The 14 children gathered in the Burlington Police Department's community room last January all seemed to have the same thing on their minds: When do we get to meet the police dog?
The kids asked that question several times during a late-afternoon session of the Burlington Junior Community Police Academy. The free program is in its second year, and gives Burlington residents ages 8 to 15 the opportunity to meet local police officers and learn more about their work.
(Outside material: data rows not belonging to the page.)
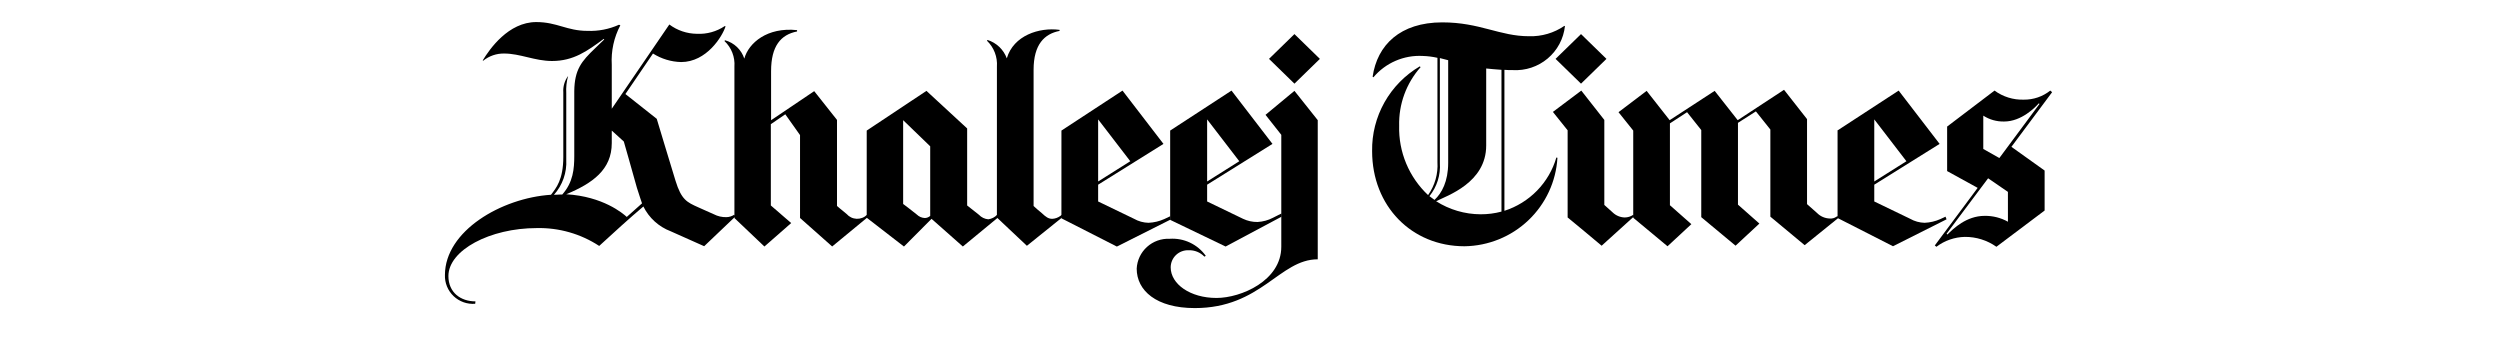 <svg width="236" height="32" viewBox="0 0 236 32" fill="none" xmlns="http://www.w3.org/2000/svg">
<path d="M94.109 6.288C94.141 5.838 94.074 5.386 93.912 4.964C93.75 4.542 93.497 4.161 93.171 3.847L93.222 3.772C93.639 3.903 94.02 4.128 94.336 4.429C94.651 4.73 94.893 5.099 95.042 5.508C95.675 3.345 98.102 2.564 100.023 2.818V2.919C98.608 3.193 97.571 4.176 97.571 6.592V19.449C97.571 19.449 98.178 20.003 98.355 20.128C98.734 20.481 98.962 20.657 99.341 20.657C99.615 20.641 99.879 20.546 100.099 20.382C100.139 20.345 100.181 20.312 100.226 20.282L100.352 20.458L96.939 23.203L94.108 20.536L94.109 6.288Z" fill="black"/>
<path d="M81.971 20.453L81.845 20.277C81.716 20.403 81.563 20.502 81.395 20.566C81.227 20.631 81.048 20.661 80.867 20.654C80.687 20.647 80.51 20.603 80.348 20.525C80.186 20.448 80.041 20.337 79.923 20.202C79.392 19.774 79.013 19.447 79.013 19.447V11.321L76.861 8.604L72.79 11.349V6.719C72.79 4.354 73.701 3.272 75.243 2.97V2.845C72.436 2.543 70.667 4.052 70.262 5.535C70.127 5.118 69.889 4.741 69.572 4.438C69.254 4.135 68.865 3.916 68.441 3.799L68.391 3.874C68.717 4.182 68.971 4.559 69.133 4.977C69.295 5.395 69.362 5.843 69.329 6.29V20.581L72.16 23.271L74.688 21.057L72.767 19.396V11.723L74.132 10.789L75.523 12.752V20.577L78.557 23.267L81.971 20.453Z" fill="black"/>
<path d="M124.597 5.558L122.195 7.898L119.794 5.558L122.195 3.218L124.597 5.558ZM113.827 24.152C113.444 23.614 112.93 23.184 112.332 22.902C111.734 22.62 111.074 22.496 110.414 22.541C109.626 22.506 108.857 22.783 108.274 23.311C107.691 23.839 107.342 24.576 107.304 25.36C107.304 27.423 109.149 29.083 112.79 29.083C119.06 29.083 120.779 24.479 124.395 24.479V11.344L122.195 8.576L119.465 10.841L120.954 12.728V23.295C120.954 26.491 117.162 28.127 114.836 28.127C112.358 28.127 110.512 26.819 110.512 25.233C110.514 25.016 110.559 24.801 110.645 24.601C110.732 24.401 110.858 24.221 111.016 24.07C111.174 23.92 111.361 23.803 111.565 23.726C111.77 23.649 111.988 23.614 112.206 23.623C112.483 23.613 112.759 23.662 113.016 23.766C113.273 23.87 113.504 24.027 113.696 24.227L113.827 24.152Z" fill="black"/>
<path d="M59.166 20.479L60.607 19.196C60.557 19.045 60.355 18.466 60.127 17.737C59.646 16.001 58.888 13.359 58.888 13.359L57.751 12.327V13.506C57.751 16.023 55.93 17.306 53.453 18.338C56.916 18.54 58.813 20.15 59.167 20.479M58.56 2.389C57.955 3.534 57.676 4.821 57.751 6.112V10.264L63.185 2.312C63.937 2.874 64.849 3.182 65.789 3.191C66.722 3.237 67.644 2.981 68.418 2.461L68.494 2.486C68.191 3.442 66.699 5.858 64.297 5.858C63.355 5.835 62.438 5.557 61.642 5.053L59.038 8.877L61.997 11.217C61.997 11.217 63.261 15.419 63.767 17.055C64.323 18.867 64.854 19.093 65.918 19.571C66.348 19.773 66.778 19.948 67.385 20.225C67.751 20.416 68.16 20.51 68.573 20.5C68.834 20.494 69.088 20.416 69.306 20.273L69.433 20.424L66.474 23.242C66.474 23.242 64.629 22.412 63.314 21.833C62.188 21.406 61.267 20.57 60.735 19.493C59.446 20.575 57.853 22.034 56.564 23.217C54.819 22.072 52.764 21.484 50.673 21.531C46.249 21.531 42.33 23.618 42.33 26.06C42.33 27.62 43.493 28.45 44.884 28.45L44.858 28.677C44.486 28.706 44.112 28.657 43.761 28.533C43.409 28.408 43.088 28.211 42.819 27.955C42.549 27.698 42.337 27.388 42.196 27.044C42.055 26.7 41.989 26.331 42.002 25.959C42.002 21.808 47.336 18.688 52.013 18.386C52.494 17.757 53.176 16.977 53.176 14.813V8.73C53.136 8.172 53.297 7.619 53.632 7.17C53.482 7.702 53.422 8.254 53.455 8.805V15.071C53.523 16.287 53.105 17.481 52.291 18.392C52.469 18.392 52.623 18.367 52.797 18.367H53.073C54.11 17.209 54.211 15.926 54.211 14.718V8.603C54.236 6.565 54.893 5.785 56.183 4.552C56.486 4.25 56.815 3.948 57.042 3.722L56.992 3.671C55.424 4.829 54.135 5.758 52.112 5.758C50.494 5.758 49.104 5.053 47.588 5.053C46.871 5.041 46.172 5.282 45.616 5.732L45.566 5.707C46.223 4.625 47.993 2.083 50.622 2.083C52.594 2.083 53.504 2.914 55.451 2.914C56.477 2.956 57.499 2.758 58.434 2.335L58.56 2.389Z" fill="black"/>
<path d="M103.664 17.132L106.698 15.22L103.664 11.27V17.132ZM100.2 12.326L105.964 8.552L109.832 13.584L103.664 17.434V19.019C103.664 19.019 106.167 20.227 107.052 20.654C107.468 20.891 107.937 21.021 108.417 21.032C108.932 21.01 109.437 20.89 109.907 20.679C110.21 20.528 110.488 20.405 110.488 20.405V20.734L105.432 23.276L100.198 20.608L100.2 12.326Z" fill="black"/>
<path d="M176.931 17.132L179.966 15.22L176.931 11.27V17.132ZM173.442 12.326L179.232 8.552L183.1 13.584L176.931 17.434V19.019C176.931 19.019 179.434 20.227 180.319 20.654C180.735 20.891 181.205 21.021 181.684 21.032C182.199 21.01 182.705 20.89 183.174 20.679C183.275 20.629 183.655 20.453 183.655 20.453L183.755 20.704L178.699 23.245L173.466 20.579V12.326H173.442Z" fill="black"/>
<path d="M113.953 17.132L116.988 15.22L113.953 11.27V17.132ZM110.464 12.326L116.254 8.552L120.122 13.584L113.953 17.434V19.019C113.953 19.019 116.456 20.227 117.341 20.654C117.767 20.858 118.234 20.961 118.706 20.956C119.219 20.93 119.719 20.793 120.173 20.554C120.449 20.403 120.982 20.151 120.982 20.151V20.453L115.697 23.272L110.464 20.755L110.464 12.326Z" fill="black"/>
<path d="M81.818 12.326L87.456 8.578L91.299 12.125V19.397C91.299 19.397 91.88 19.85 92.411 20.275C92.642 20.521 92.957 20.674 93.294 20.703C93.613 20.66 93.908 20.509 94.128 20.275L94.28 20.477L90.892 23.27L87.937 20.657L85.333 23.273L81.818 20.554V12.326ZM85.282 19.271C85.282 19.271 86.344 20.076 86.546 20.252C86.749 20.452 87.019 20.569 87.305 20.581C87.492 20.578 87.672 20.506 87.811 20.38V13.811L85.257 11.345V19.271H85.282Z" fill="black"/>
<path d="M164.039 11.345L161.864 8.578L157.616 11.345L155.442 8.578L152.787 10.59L154.177 12.326V20.556L157.414 23.247L159.664 21.16L157.641 19.373V11.647L159.259 10.59L160.599 12.276V20.501L163.836 23.192L166.086 21.105L164.064 19.319V11.597L165.757 10.515L167.122 12.226V20.453L170.359 23.144L173.569 20.552L173.469 20.401L173.368 20.452C173.185 20.584 172.96 20.647 172.735 20.628C172.277 20.616 171.841 20.427 171.522 20.1C171.269 19.874 170.584 19.27 170.584 19.27V11.245L168.412 8.477L164.039 11.345Z" fill="black"/>
<path d="M193.719 8.703L189.877 13.861L193.012 16.1V19.874L188.461 23.296C187.59 22.68 186.546 22.353 185.477 22.363C184.507 22.384 183.569 22.711 182.797 23.296L182.646 23.17L186.691 17.735L183.809 16.15V11.948L188.283 8.551C189.08 9.136 190.052 9.438 191.042 9.407C191.951 9.419 192.836 9.117 193.545 8.551L193.719 8.703ZM192.531 9.81L192.455 9.76C192.152 10.112 190.837 11.471 189.194 11.471C188.495 11.488 187.808 11.295 187.222 10.917V14.062L188.739 14.918L192.531 9.81ZM189.547 18.113L187.677 16.83L183.759 22.063L183.835 22.139C184.391 21.585 185.63 20.377 187.349 20.377C188.119 20.365 188.878 20.556 189.549 20.931L189.547 18.113Z" fill="black"/>
<path d="M146.593 10.565L149.273 8.552L151.448 11.32V19.346C151.448 19.346 151.903 19.748 152.232 20.05C152.537 20.346 152.943 20.517 153.369 20.529C153.658 20.529 153.941 20.441 154.178 20.277C154.204 20.302 154.279 20.403 154.279 20.403L151.195 23.196C150.739 22.794 147.984 20.529 147.984 20.529V12.301L146.593 10.565ZM149.248 3.218L146.845 5.558L149.248 7.898L151.649 5.558L149.248 3.218Z" fill="black"/>
<path d="M139.767 20.228C140.432 20.232 141.096 20.147 141.739 19.976V6.59C141.233 6.565 140.601 6.49 140.297 6.465V13.736C140.297 17.259 136.606 18.466 135.57 18.995C136.822 19.795 138.278 20.223 139.767 20.228ZM135.418 18.869C136.101 18.24 136.708 17.133 136.708 15.371V5.684C136.505 5.634 136.101 5.534 135.924 5.483V15.399C135.999 16.525 135.648 17.638 134.938 18.518C135.064 18.619 135.292 18.77 135.418 18.871M147.731 2.466C147.602 3.655 147.018 4.75 146.1 5.523C145.182 6.296 144.001 6.688 142.801 6.617C142.539 6.622 142.277 6.614 142.017 6.592V19.901C143.185 19.525 144.244 18.87 145.099 17.993C145.954 17.116 146.58 16.043 146.921 14.869L147.022 14.894C146.892 17.132 145.915 19.238 144.287 20.788C142.66 22.338 140.503 23.216 138.25 23.247C133.244 23.247 129.528 19.448 129.528 14.265C129.501 12.655 129.904 11.066 130.694 9.661C131.485 8.256 132.635 7.084 134.028 6.264L134.103 6.34C132.75 7.864 132.028 9.842 132.081 11.875C132.048 13.095 132.274 14.309 132.744 15.436C133.215 16.564 133.919 17.579 134.811 18.417C135.454 17.507 135.765 16.407 135.694 15.297V5.458C135.237 5.354 134.772 5.295 134.304 5.282C133.425 5.235 132.546 5.392 131.739 5.742C130.931 6.091 130.217 6.623 129.652 7.295L129.576 7.244C130.005 4.25 132.18 2.112 136.149 2.112C139.714 2.112 141.56 3.42 144.341 3.42C145.53 3.456 146.699 3.113 147.678 2.441L147.731 2.466Z" fill="black"/>
</svg>

For about an hour a week throughout the month of January, kids get to tour police facilities, learn about crime scene investigations, climb aboard police vehicles and try out other crime-fighting tools.
The program got its start after a 10-year-old Burlington girl learned about a community police academy for adults that her grandmother attended, and asked then-police chief Michael Schirling if he'd create something similar for kids. He obliged.
At a time when kids' and teens' interactions with police sometimes make national news due to their confrontational and even tragic outcomes, Burlington's junior community police academy helps kids and cops connect in a safe, friendly and fun environment.
On this particular afternoon, the group's third session, the kids got plenty of hands-on experience trying out police equipment — minus their weapons, of course — including handcuffs, helmets, radios, riot shields, and the lights and sirens on a police cruiser.
Until the police dog arrived, Officers Philip Tremblay and Daniel Delgado kept the kids occupied, and vice versa, with questions about the various tools of their trade.
"So, does anyone know what we use the radio for?" Tremblay asked.
"To take breaks if you have to go to the bathroom?" one boy answered.
"Yes, exactly," Tremblay said. "Anyone else?"
"To call another police if you need help," one girl suggested.
"Or, if you have a mini toilet on your vest and you're missing one and you need to go to the bathroom and you need to call for a new mini toilet?" said the first boy.
"Hmm, I've never run into that situation," Delgado mused, "but that's absolutely possible."
"Are you guys on the squat team?" asked another boy.
"No, we're not on the SWAT team," Delgado clarified.
Shortly before class ended, Corporal Trent Martin and his K9, a 9-year-old German shepherd named Capone, arrived. For the remaining 20 minutes, Martin taught the kids how to read the "language of dogs" and how to approach an unfamiliar dog. Never run away from one if it's growling or barking, he advised, as it can trigger the dog's predatory chase instinct.
Then, after a brief demonstration of Capone's drug-sniffing abilities — the dog quickly located a cache of narcotics hidden in a fire-extinguisher case — Martin showed the group how he trains Capone to attack. Using a verbal command, Martin ordered the dog to attack Delgado, who was wearing a special burlap bite sleeve to protect his arm.
Capone quickly ripped off the sleeve, then paraded playfully around the room with it in his mouth as the kids laughed and cheered. Said one girl, "He doesn't look that mean."
"He's not," Martin reassured her, as she scratched the dog on his chest.